___ Task inputs ___

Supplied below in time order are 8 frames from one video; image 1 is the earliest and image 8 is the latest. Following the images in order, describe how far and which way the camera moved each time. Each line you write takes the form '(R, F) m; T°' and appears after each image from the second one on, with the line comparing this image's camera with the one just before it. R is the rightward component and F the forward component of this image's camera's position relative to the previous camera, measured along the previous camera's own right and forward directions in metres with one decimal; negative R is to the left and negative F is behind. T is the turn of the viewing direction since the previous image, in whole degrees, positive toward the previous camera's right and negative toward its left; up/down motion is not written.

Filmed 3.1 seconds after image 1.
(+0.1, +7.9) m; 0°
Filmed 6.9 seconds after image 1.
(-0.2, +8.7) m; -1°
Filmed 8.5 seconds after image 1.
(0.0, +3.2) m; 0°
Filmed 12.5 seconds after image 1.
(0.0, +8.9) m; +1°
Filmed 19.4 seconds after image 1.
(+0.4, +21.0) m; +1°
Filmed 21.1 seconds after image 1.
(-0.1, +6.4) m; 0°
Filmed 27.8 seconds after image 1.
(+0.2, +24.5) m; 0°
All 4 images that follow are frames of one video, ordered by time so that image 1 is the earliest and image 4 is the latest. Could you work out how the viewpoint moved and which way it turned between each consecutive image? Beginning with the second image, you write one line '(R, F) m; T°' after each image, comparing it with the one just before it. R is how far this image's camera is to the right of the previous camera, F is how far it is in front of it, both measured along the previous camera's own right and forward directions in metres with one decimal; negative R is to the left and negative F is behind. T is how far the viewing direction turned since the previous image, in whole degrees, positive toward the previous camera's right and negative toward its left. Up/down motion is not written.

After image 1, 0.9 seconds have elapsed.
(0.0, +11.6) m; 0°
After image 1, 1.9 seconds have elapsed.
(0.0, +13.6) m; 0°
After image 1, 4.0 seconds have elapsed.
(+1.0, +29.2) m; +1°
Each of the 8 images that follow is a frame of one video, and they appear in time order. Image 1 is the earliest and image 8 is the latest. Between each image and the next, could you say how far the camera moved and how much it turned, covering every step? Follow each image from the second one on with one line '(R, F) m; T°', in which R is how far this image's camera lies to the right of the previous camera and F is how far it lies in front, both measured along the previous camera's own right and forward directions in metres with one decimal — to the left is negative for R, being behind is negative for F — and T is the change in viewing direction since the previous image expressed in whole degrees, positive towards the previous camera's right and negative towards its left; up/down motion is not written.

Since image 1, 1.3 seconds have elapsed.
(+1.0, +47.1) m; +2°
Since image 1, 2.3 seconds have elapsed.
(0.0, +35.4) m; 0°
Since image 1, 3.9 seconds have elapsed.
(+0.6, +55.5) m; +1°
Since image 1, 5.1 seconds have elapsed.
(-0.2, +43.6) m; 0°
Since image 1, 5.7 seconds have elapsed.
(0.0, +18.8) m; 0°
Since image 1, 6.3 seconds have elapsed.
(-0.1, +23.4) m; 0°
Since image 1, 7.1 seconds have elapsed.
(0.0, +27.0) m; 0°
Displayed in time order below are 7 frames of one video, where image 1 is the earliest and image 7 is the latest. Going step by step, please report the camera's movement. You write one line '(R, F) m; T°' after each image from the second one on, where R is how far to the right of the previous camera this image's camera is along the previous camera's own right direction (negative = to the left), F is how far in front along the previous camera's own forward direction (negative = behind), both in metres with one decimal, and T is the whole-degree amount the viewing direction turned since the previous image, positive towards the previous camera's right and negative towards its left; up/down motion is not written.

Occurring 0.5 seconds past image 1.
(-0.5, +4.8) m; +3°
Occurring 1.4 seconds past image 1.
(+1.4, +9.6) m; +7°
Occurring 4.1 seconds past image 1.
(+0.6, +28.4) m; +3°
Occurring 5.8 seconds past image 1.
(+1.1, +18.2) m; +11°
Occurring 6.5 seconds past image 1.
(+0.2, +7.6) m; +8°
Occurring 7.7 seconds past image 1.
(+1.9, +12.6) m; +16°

___

Try it>
Word for word, every record must be given again.

Answer area>
Supplied below in time order are 8 frames from one video; image 1 is the earliest and image 8 is the latest. Following the images in order, describe how far and which way the camera moved each time. Each line you write takes the form '(R, F) m; T°' and appears after each image from the second one on, with the line comparing this image's camera with the one just before it. R is the rightward component and F the forward component of this image's camera's position relative to the previous camera, measured along the previous camera's own right and forward directions in metres with one decimal; negative R is to the left and negative F is behind. T is the turn of the viewing direction since the previous image, in whole degrees, positive toward the previous camera's right and negative toward its left; up/down motion is not written.

Filmed 3.1 seconds after image 1.
(+0.1, +7.9) m; 0°
Filmed 6.9 seconds after image 1.
(-0.2, +8.7) m; -1°
Filmed 8.5 seconds after image 1.
(0.0, +3.2) m; 0°
Filmed 12.5 seconds after image 1.
(0.0, +8.9) m; +1°
Filmed 19.4 seconds after image 1.
(+0.4, +21.0) m; +1°
Filmed 21.1 seconds after image 1.
(-0.1, +6.4) m; 0°
Filmed 27.8 seconds after image 1.
(+0.2, +24.5) m; 0°
All 4 images that follow are frames of one video, ordered by time so that image 1 is the earliest and image 4 is the latest. Could you work out how the viewpoint moved and which way it turned between each consecutive image? Beginning with the second image, you write one line '(R, F) m; T°' after each image, comparing it with the one just before it. R is how far this image's camera is to the right of the previous camera, F is how far it is in front of it, both measured along the previous camera's own right and forward directions in metres with one decimal; negative R is to the left and negative F is behind. T is how far the viewing direction turned since the previous image, in whole degrees, positive toward the previous camera's right and negative toward its left. Up/down motion is not written.

After image 1, 0.9 seconds have elapsed.
(0.0, +11.6) m; 0°
After image 1, 1.9 seconds have elapsed.
(0.0, +13.6) m; 0°
After image 1, 4.0 seconds have elapsed.
(+1.0, +29.2) m; +1°
Each of the 8 images that follow is a frame of one video, and they appear in time order. Image 1 is the earliest and image 8 is the latest. Between each image and the next, could you say how far the camera moved and how much it turned, covering every step? Follow each image from the second one on with one line '(R, F) m; T°', in which R is how far this image's camera lies to the right of the previous camera and F is how far it lies in front, both measured along the previous camera's own right and forward directions in metres with one decimal — to the left is negative for R, being behind is negative for F — and T is the change in viewing direction since the previous image expressed in whole degrees, positive towards the previous camera's right and negative towards its left; up/down motion is not written.

Since image 1, 1.3 seconds have elapsed.
(+1.0, +47.1) m; +2°
Since image 1, 2.3 seconds have elapsed.
(0.0, +35.4) m; 0°
Since image 1, 3.9 seconds have elapsed.
(+0.6, +55.5) m; +1°
Since image 1, 5.1 seconds have elapsed.
(-0.2, +43.6) m; 0°
Since image 1, 5.7 seconds have elapsed.
(0.0, +18.8) m; 0°
Since image 1, 6.3 seconds have elapsed.
(-0.1, +23.4) m; 0°
Since image 1, 7.1 seconds have elapsed.
(0.0, +27.0) m; 0°
Displayed in time order below are 7 frames of one video, where image 1 is the earliest and image 7 is the latest. Going step by step, please report the camera's movement. You write one line '(R, F) m; T°' after each image from the second one on, where R is how far to the right of the previous camera this image's camera is along the previous camera's own right direction (negative = to the left), F is how far in front along the previous camera's own forward direction (negative = behind), both in metres with one decimal, and T is the whole-degree amount the viewing direction turned since the previous image, positive towards the previous camera's right and negative towards its left; up/down motion is not written.

Occurring 0.5 seconds past image 1.
(-0.5, +4.8) m; +3°
Occurring 1.4 seconds past image 1.
(+1.4, +9.6) m; +7°
Occurring 4.1 seconds past image 1.
(+0.6, +28.4) m; +3°
Occurring 5.8 seconds past image 1.
(+1.1, +18.2) m; +11°
Occurring 6.5 seconds past image 1.
(+0.2, +7.6) m; +8°
Occurring 7.7 seconds past image 1.
(+1.9, +12.6) m; +16°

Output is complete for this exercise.